ASSIGNMENT
Set the data below down again, exactly, with every picture left out.

GIVEN RECORDS
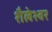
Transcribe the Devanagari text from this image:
शैलेश्‍वर
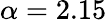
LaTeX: \alpha=2.15
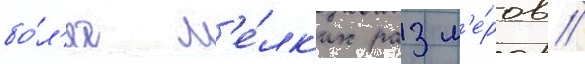
бо́л'ее м'е́лк'их разм'е́ров /
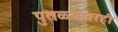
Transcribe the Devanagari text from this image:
पुतळ्यावरही
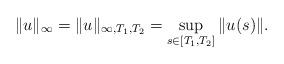
LaTeX: \begin{align*}\|u\|_{\infty}=\|u\|_{\infty,T_1,T_2}=\sup_{s\in[T_1,T_2]}\|u(s)\|. \end{align*}
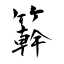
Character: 簳

SOLUTION
Transcribe the Devanagari text from this image:
शैलेश्‍वर
LaTeX: \alpha=2.15
бо́л'ее м'е́лк'их разм'е́ров /
Transcribe the Devanagari text from this image:
पुतळ्यावरही
LaTeX: \begin{align*}\|u\|_{\infty}=\|u\|_{\infty,T_1,T_2}=\sup_{s\in[T_1,T_2]}\|u(s)\|. \end{align*}
Character: 簳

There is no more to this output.